▶ [Task prompt]: The records below are to be returned word for word, with pictures left out.

Data extracted from a collection:
# # #
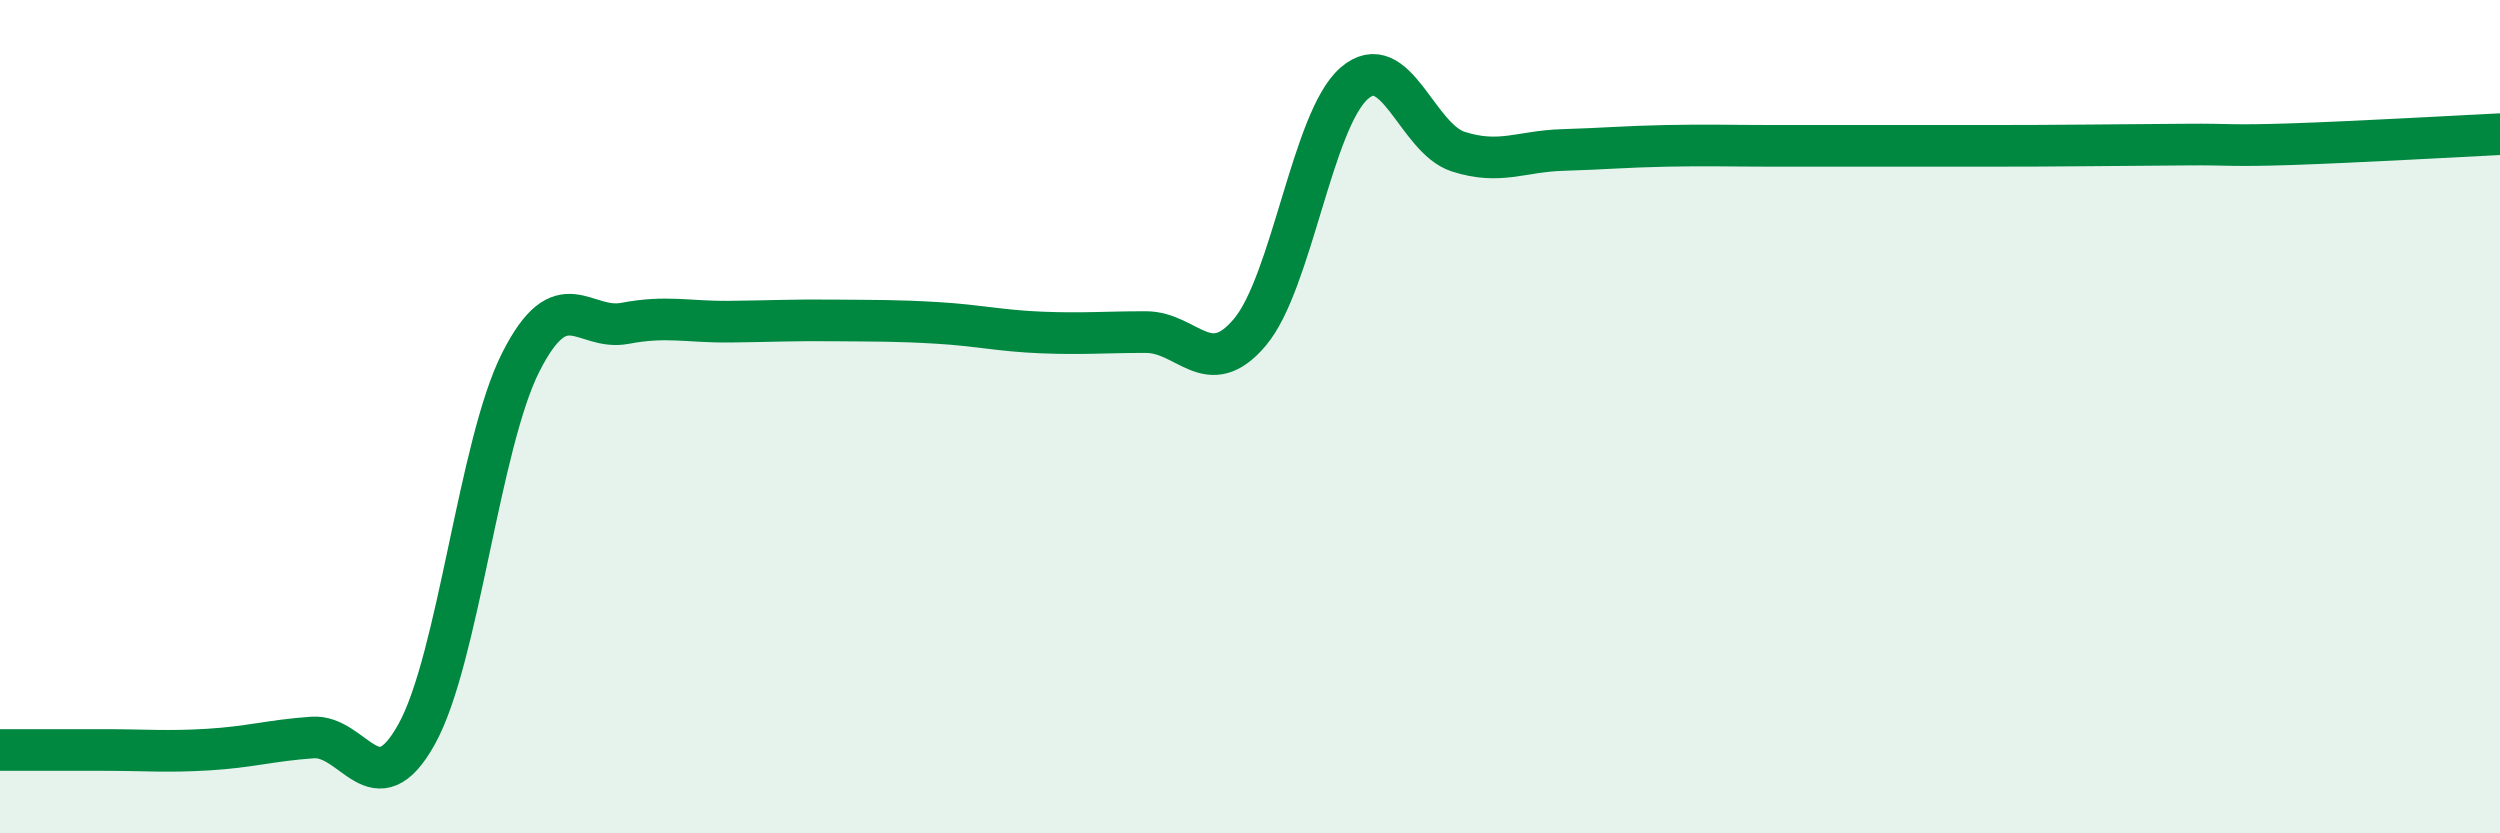 
    <svg width="60" height="20" viewBox="0 0 60 20" xmlns="http://www.w3.org/2000/svg">
      <path
        d="M 0,18 C 0.5,18 1.5,18 2.5,18 C 3.5,18 4,18.05 5,17.99 C 6,17.93 6.5,17.77 7.5,17.7 C 8.5,17.63 9,19.42 10,17.62 C 11,15.82 11.5,10.66 12.5,8.69 C 13.5,6.72 14,7.95 15,7.76 C 16,7.57 16.5,7.73 17.5,7.72 C 18.5,7.71 19,7.68 20,7.69 C 21,7.7 21.5,7.69 22.5,7.75 C 23.5,7.81 24,7.94 25,7.98 C 26,8.02 26.5,7.97 27.5,7.97 C 28.5,7.97 29,9.16 30,7.97 C 31,6.78 31.5,2.87 32.5,2 C 33.5,1.13 34,3.32 35,3.64 C 36,3.96 36.5,3.63 37.5,3.6 C 38.5,3.57 39,3.52 40,3.5 C 41,3.48 41.5,3.5 42.5,3.5 C 43.5,3.5 44,3.5 45,3.5 C 46,3.5 46.5,3.5 47.5,3.5 C 48.5,3.5 49,3.5 50,3.49 C 51,3.48 51.5,3.48 52.5,3.47 C 53.5,3.46 53.5,3.51 55,3.46 C 56.5,3.41 59,3.27 60,3.22L60 20L0 20Z"
        fill="#008740"
        opacity="0.1"
        stroke-linecap="round"
        stroke-linejoin="round"
      />
      <path
        d="M 0,18 C 0.5,18 1.5,18 2.5,18 C 3.5,18 4,18.05 5,17.99 C 6,17.93 6.5,17.77 7.5,17.7 C 8.5,17.63 9,19.42 10,17.62 C 11,15.82 11.5,10.66 12.5,8.69 C 13.5,6.72 14,7.95 15,7.76 C 16,7.57 16.5,7.73 17.5,7.72 C 18.5,7.71 19,7.68 20,7.69 C 21,7.7 21.5,7.69 22.5,7.75 C 23.5,7.81 24,7.94 25,7.98 C 26,8.02 26.5,7.97 27.5,7.97 C 28.5,7.97 29,9.16 30,7.97 C 31,6.78 31.5,2.87 32.5,2 C 33.5,1.13 34,3.32 35,3.64 C 36,3.96 36.5,3.63 37.5,3.6 C 38.5,3.57 39,3.52 40,3.5 C 41,3.48 41.5,3.5 42.5,3.5 C 43.5,3.5 44,3.5 45,3.5 C 46,3.5 46.5,3.5 47.5,3.5 C 48.5,3.5 49,3.5 50,3.49 C 51,3.48 51.5,3.48 52.5,3.47 C 53.5,3.46 53.5,3.51 55,3.46 C 56.5,3.41 59,3.27 60,3.22"
        stroke="#008740"
        stroke-width="1"
        fill="none"
        stroke-linecap="round"
        stroke-linejoin="round"
      />
    </svg>
# # #
▶ [Task answer]:
    <svg width="60" height="20" viewBox="0 0 60 20" xmlns="http://www.w3.org/2000/svg">
      <path
        d="M 0,18 C 0.5,18 1.5,18 2.5,18 C 3.5,18 4,18.05 5,17.99 C 6,17.93 6.5,17.77 7.5,17.7 C 8.5,17.63 9,19.42 10,17.62 C 11,15.82 11.5,10.66 12.5,8.69 C 13.5,6.72 14,7.95 15,7.76 C 16,7.57 16.5,7.73 17.5,7.72 C 18.5,7.71 19,7.68 20,7.69 C 21,7.7 21.5,7.69 22.5,7.75 C 23.5,7.81 24,7.94 25,7.98 C 26,8.02 26.5,7.97 27.5,7.97 C 28.5,7.97 29,9.16 30,7.97 C 31,6.78 31.5,2.87 32.5,2 C 33.5,1.13 34,3.32 35,3.64 C 36,3.96 36.5,3.63 37.5,3.6 C 38.5,3.57 39,3.52 40,3.5 C 41,3.48 41.5,3.5 42.5,3.5 C 43.5,3.5 44,3.5 45,3.5 C 46,3.5 46.5,3.5 47.5,3.5 C 48.5,3.5 49,3.5 50,3.49 C 51,3.48 51.5,3.48 52.5,3.47 C 53.5,3.46 53.5,3.51 55,3.46 C 56.5,3.41 59,3.27 60,3.22L60 20L0 20Z"
        fill="#008740"
        opacity="0.1"
        stroke-linecap="round"
        stroke-linejoin="round"
      />
      <path
        d="M 0,18 C 0.5,18 1.5,18 2.5,18 C 3.5,18 4,18.05 5,17.99 C 6,17.93 6.5,17.77 7.5,17.7 C 8.5,17.63 9,19.42 10,17.62 C 11,15.82 11.5,10.66 12.5,8.69 C 13.5,6.72 14,7.95 15,7.76 C 16,7.57 16.5,7.73 17.5,7.72 C 18.5,7.71 19,7.68 20,7.69 C 21,7.7 21.5,7.69 22.5,7.75 C 23.5,7.81 24,7.94 25,7.98 C 26,8.02 26.5,7.97 27.5,7.97 C 28.5,7.97 29,9.16 30,7.97 C 31,6.78 31.5,2.87 32.5,2 C 33.5,1.13 34,3.32 35,3.64 C 36,3.96 36.5,3.63 37.5,3.6 C 38.5,3.57 39,3.52 40,3.5 C 41,3.48 41.5,3.5 42.5,3.5 C 43.5,3.5 44,3.5 45,3.5 C 46,3.5 46.5,3.5 47.5,3.5 C 48.5,3.5 49,3.5 50,3.49 C 51,3.48 51.5,3.48 52.5,3.47 C 53.5,3.46 53.5,3.51 55,3.46 C 56.5,3.41 59,3.27 60,3.22"
        stroke="#008740"
        stroke-width="1"
        fill="none"
        stroke-linecap="round"
        stroke-linejoin="round"
      />
    </svg>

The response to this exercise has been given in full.